We are responsible for the unaudited condensed consolidated financial statements and notes included in this report. As these are condensed financial statements, they should be read in conjunction with the audited consolidated financial statements and notes included in our Annual Report on Form 10-K for the fiscal year ended December 31, 2013 as filed with the SEC on February 28, 2014 (“2013 Form 10-K”) and with the information contained in other publicly-available filings with the SEC.

On December 6, 2013, we completed the sale of our rigid medical packaging business. The operating results for the rigid medical packaging business were reclassified to discontinued operations, net of tax, on the condensed consolidated statements of operations for the three and nine months ended September 30, 2013. Prior year disclosures in the condensed consolidated statement of cash flows and the notes to condensed consolidated financial statements have been revised accordingly. See Note 3, “Divestiture” for further information.

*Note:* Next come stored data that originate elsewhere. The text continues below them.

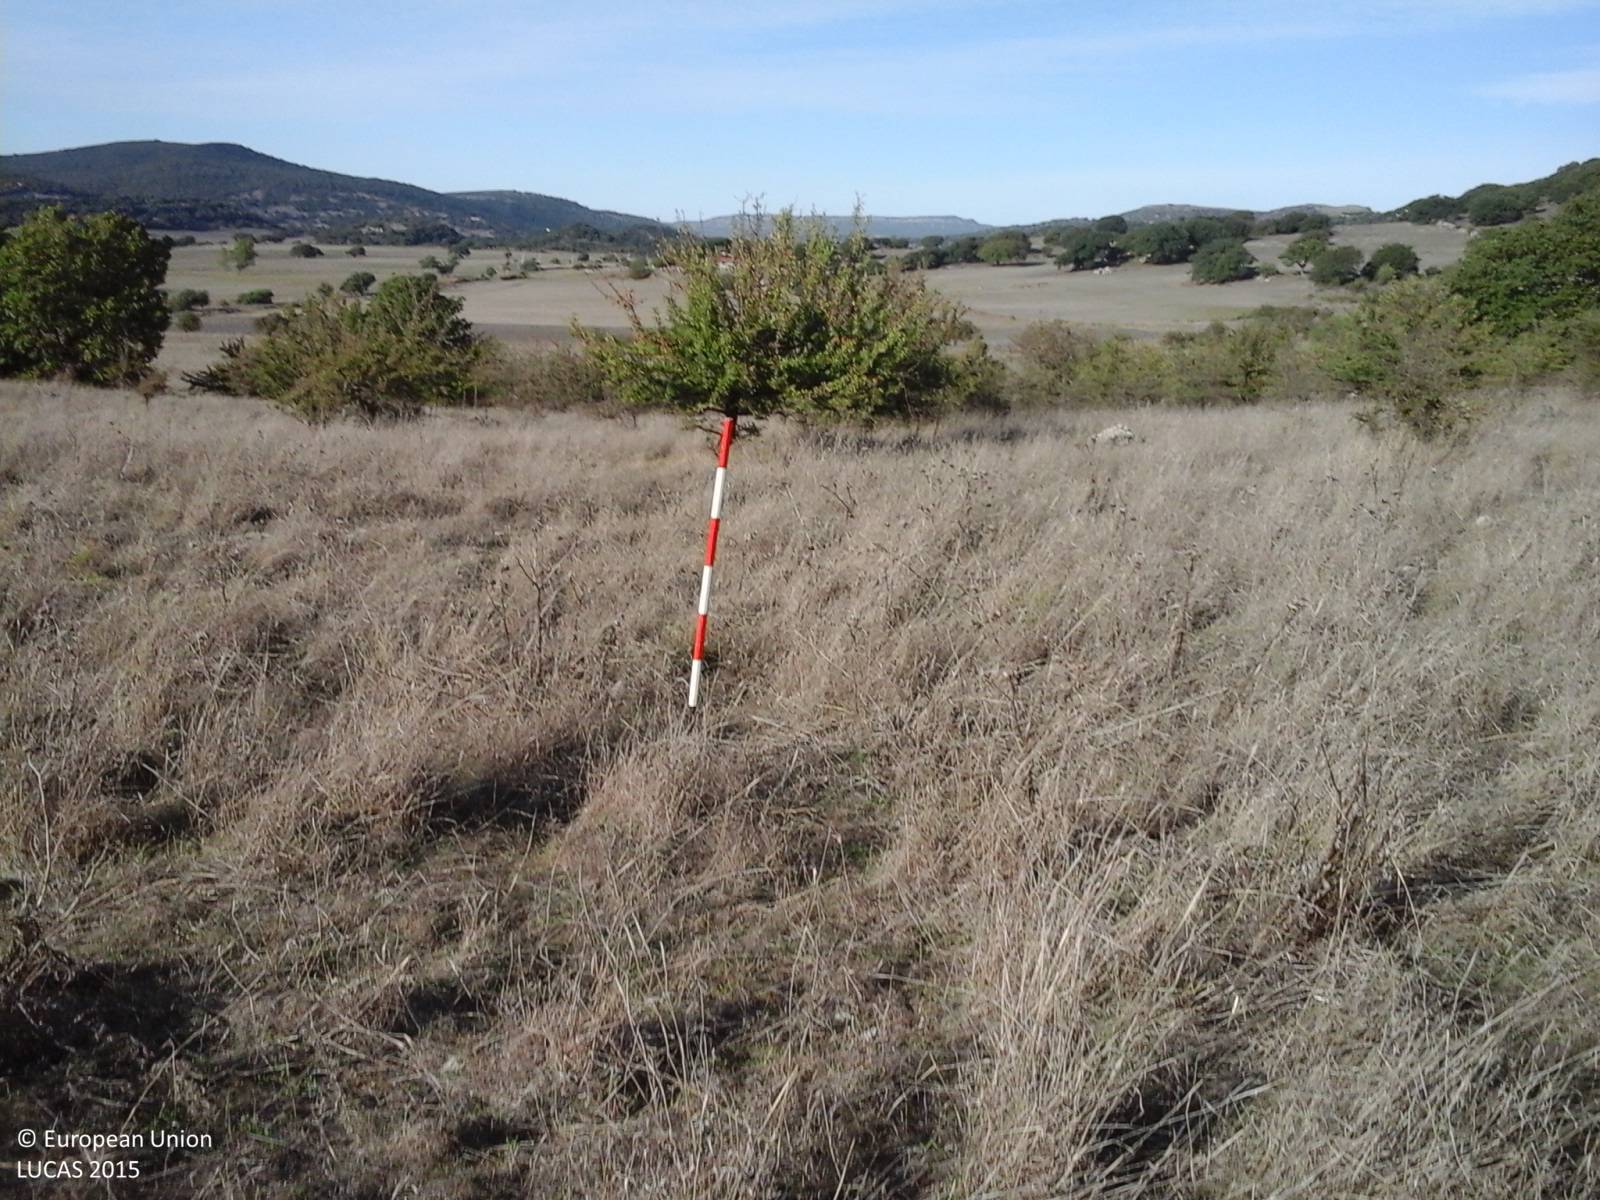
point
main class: Grassland
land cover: Grassland without tree/shrub cover
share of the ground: > 75 %
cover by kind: herbaceous plants 100 %
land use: Agriculture (excluding fallow land and kitchen gardens)
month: October
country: IT
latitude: 40.4019
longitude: 8.5815
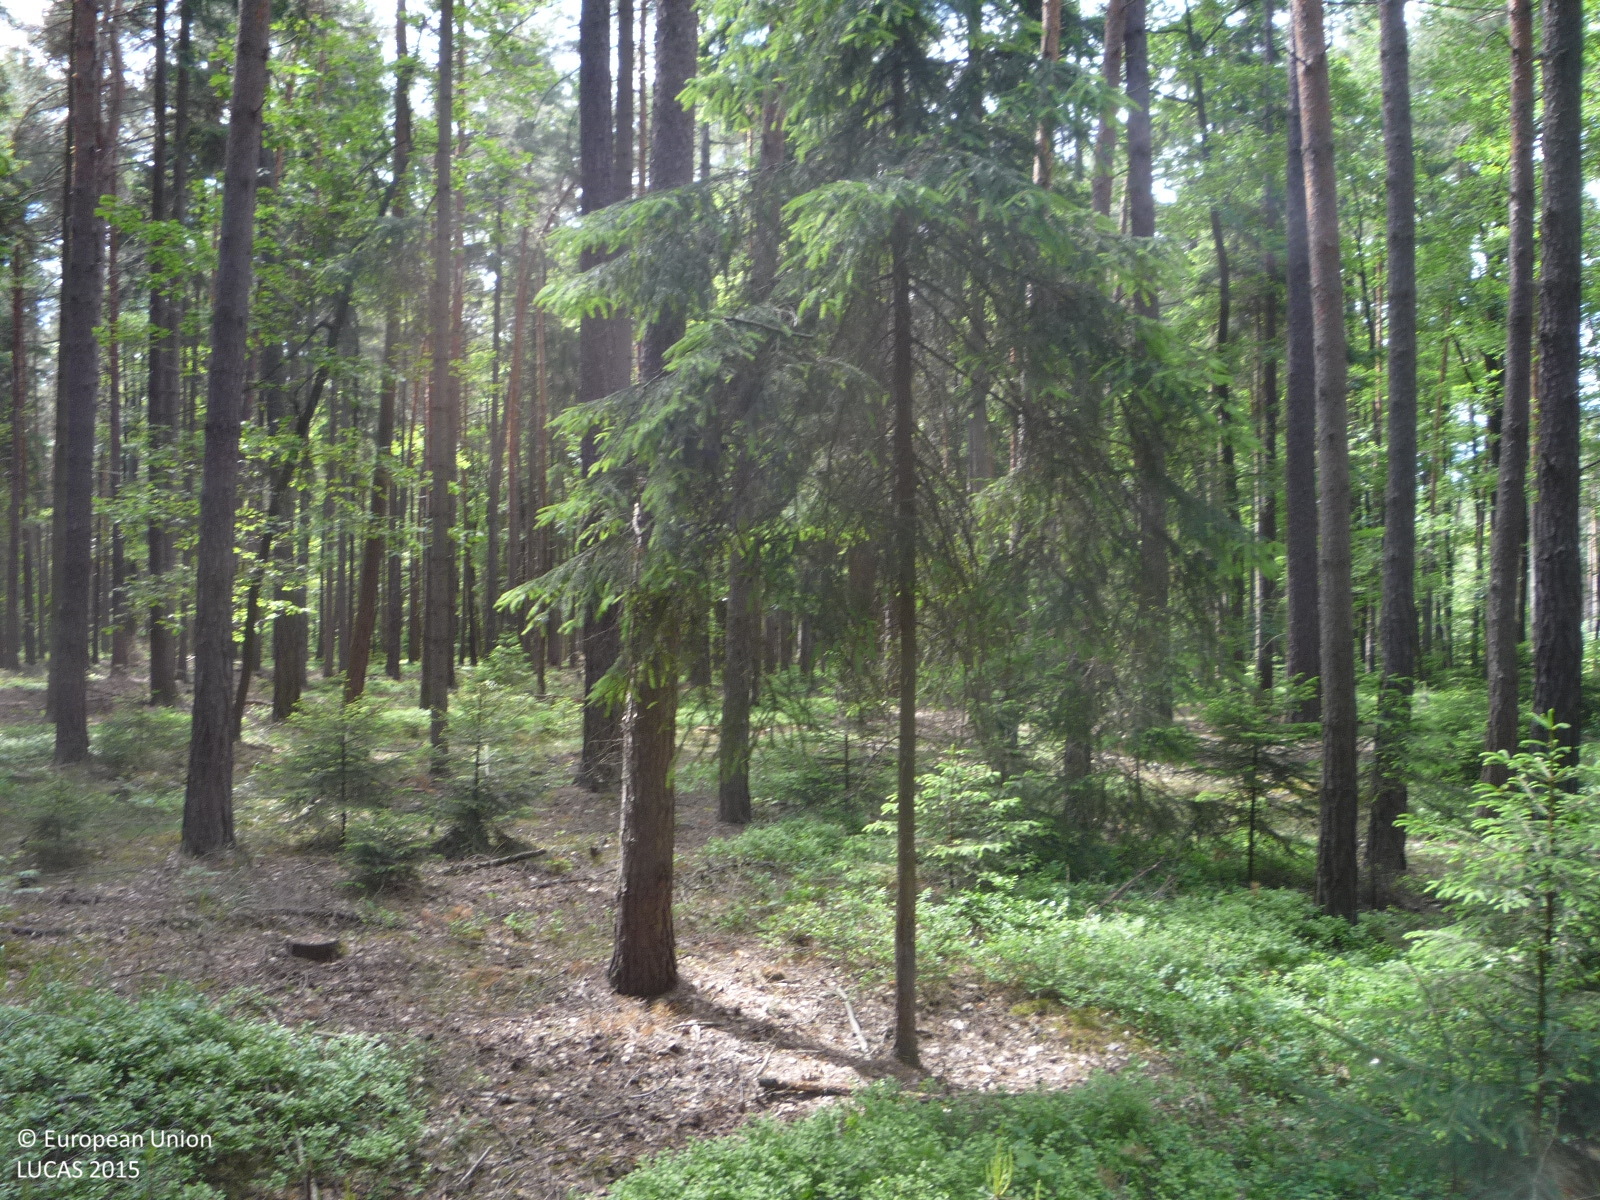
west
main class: Woodland
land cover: Pine dominated coniferous woodland
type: hemiboreal forest and nemoral coniferous forest and mixed broadleaved-coniferous forest
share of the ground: > 75 %
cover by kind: coniferous forest trees 90 %, broadleaved forest trees 10 %
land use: Forestry
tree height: > 5 m
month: June
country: CZ
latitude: 50.2450
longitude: 13.8570

Effective as of January 1, 2014, we changed our segment reporting structure. There was no change to our previously reported Consolidated Balance Sheets, Consolidated Statements of Operations, Consolidated Statements of Comprehensive Income, Consolidated Statements of Stockholders’ Equity or Consolidated Statements of Cash Flows due to our change in segment reporting structure.  See our Current Report on Form 8-K filed with the SEC on June 6, 2014 for further details on the changes to our segment reporting and Note 4, “Segments” for further information.